The agreement was reached following a complaint filed by the DOJ in behalf of the EPA, claiming that Shell exerted inadequate control over its flaring devices, allowing excess volatile organic compounds, including benzene and other hazardous air pollutants, to be emitted.
Shell Oil has agreed to resolve alleged violations of the Clean Air Act by spending the money on better pollution control, including fitting the facility with a $1 million system for monitoring benzene levels at the fence line of the refinery and chemical plant. The fence line is located near a residential neighborhood and school and, as part of the agreement, Shell will make the benzene level data available to the public online.

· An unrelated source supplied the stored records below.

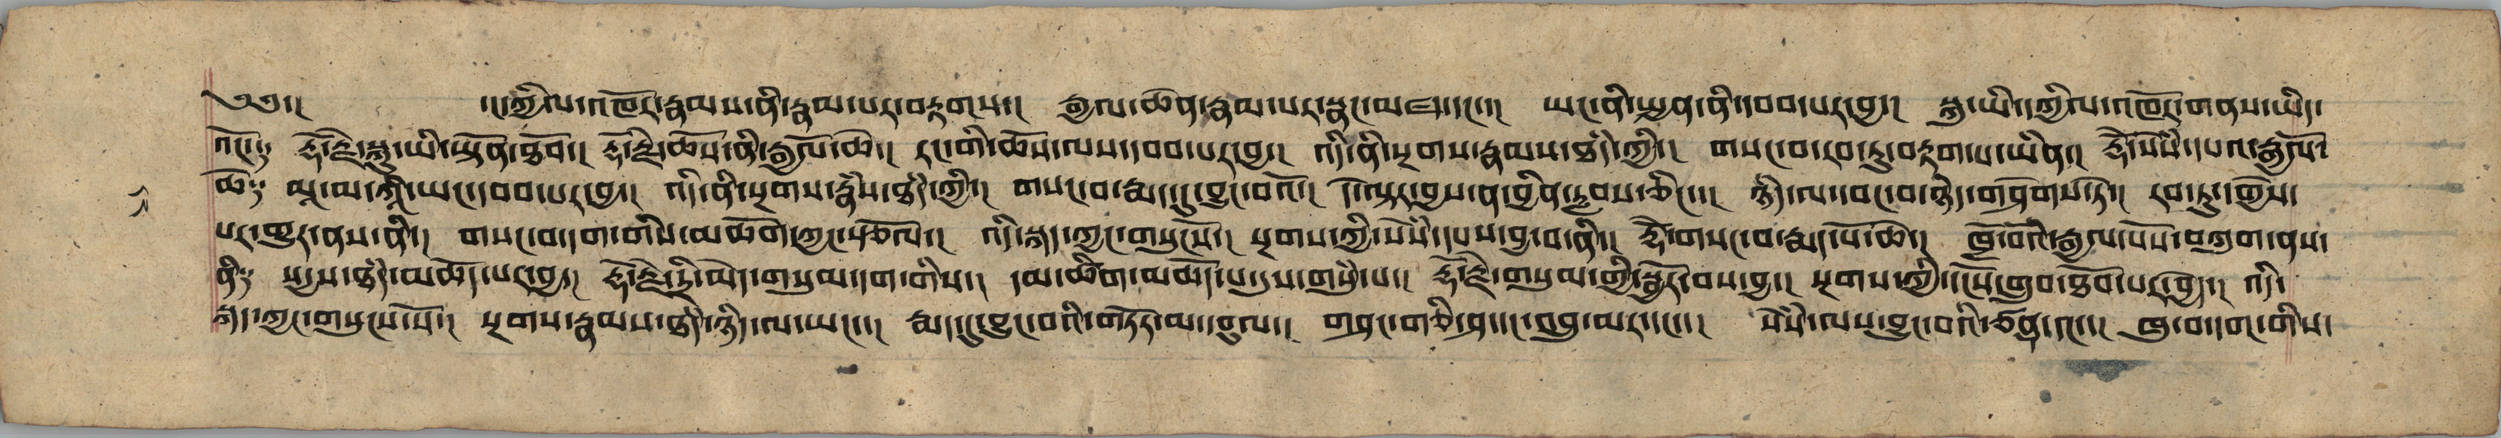༄༅་། ་།དཀྱིལ་འཁོར་རྣམས་ནི་རྣམ་པར་བརྟགས་། རྒྱལ་ཆེན་རྣམ་པར་སྣང་མཛད་དང་་། ཡང་ནི་སྤྱན་ནི་དབབ་པར་བྱ་། སྐུ་ཡི་དཀྱིལ་འཁོར་གནས་ཡིད་
འོང་༑ རྡོ་རྗེ་སྐུ་ཡི་ཡྟོན་ཐོབ་། རྡོ་རྗེ་ཆོས་ནི་རྒྱལོ་ཆེ་། རང་གི་ཆོས་ལས་དབབ་པར་བྱ་། འདི་ནི་སྔགས་རྣམས་ཐདཾ་ཀྱི་། གསང་བ་རབ་ཏུ་བརྟག་པ་ཡིན་། རྡོེ་སེཾས་དཔའ་རྒྱལོ་
ཆེ༑ མཱ་མ་ཀཱི་ཡང་དབབ་པར་བྱ་། འདི་ནི་སྔགས་རྣཾས་ཐདཾ་ཀྱི་། གསང་བ་རྨད་དུ་བྱུང་བའོ་། དེ་ལྟར་བྱས་ན་བྱིན་རླབས་ཅིང་་། ཉིད་ལ་དབང་བ་ཉིད་གཤེགས་ཏེ་། རབ་ཏུ་དགྱེས་
པར་གྱུར་ནས་ནི་། གསང་བ་དག་གིས་མཆོག་ཀྱང་སྩོལ་། འདི་སྐད་ཀྱང་གསུངསོ་། སྔགས་ཀྱི་སེཾས་དཔས་བྱ་བ་ནི་། རྡོེ་གསང་བ་རྨད་པོ་ཆེ་། ཁྲོ་བོའི་རྒྱལ་པོས་བཀུག་ནས་
ནི༑ སདྱས་ཐདཾ་མཆོད་པར་བྱ་། རྡོ་རྗེ་དྲི་མེད་གསུམ་དག་གིས་། དམ་ཚིག་མཆོད་པ་དུས་གསུཾ་པ་། རྡོ་རྗེ་གསུམ་གྱི་སྦྱོར་བས་བྱ་། སྔགས་ཀྱི་དངོས་གྲུབ་ཐོབ་པར་བྱེད་། འདི་
སྐད་ཀྱང་གསུངས་སོ་། སྔགས་རྣམས་ཐདཾ་ཉིད་ལ་ཡང་་། རྨད་དུ་བྱུང་བའི་གཏོར་མ་དབུལ་། གཤང་གཅི་ཤ་དང་འབྲུ་མར་དང་་། སེཾས་ལས་བྱུང་བའི་ཙནྡ་དང་་། ཁུ་བ་དག་གིས་

A further $100 million will be spent on technology to reduce harmful air pollution from industrial flares — devices used to burn waste gases. The company is required to take several steps to improve flaring operations. First of all, Shell will have to reduce flaring by focusing on recovering and recycling waste gases. The company will also have to comply with imposed flare caps, which are restrictions on the maximum amount of waste gas that can be burnt in a flare. Under the settlement, Shell will also install instruments and monitoring systems to ensure that gases sent to flares are burned with 98 percent efficiency. The agreement to recover and recycle waste gases at its chemical plant is unique for the industry, the EPA explained.
The agency estimated that when all of the aforementioned steps have been implemented, harmful air emissions of sulfur dioxide, benzene and other hazardous air pollutants will be decreased by approximately 4,550 tons per year. Furthermore, improved controls will also lead to a reduction of greenhouse gases emissions of about 260,000 tons per year.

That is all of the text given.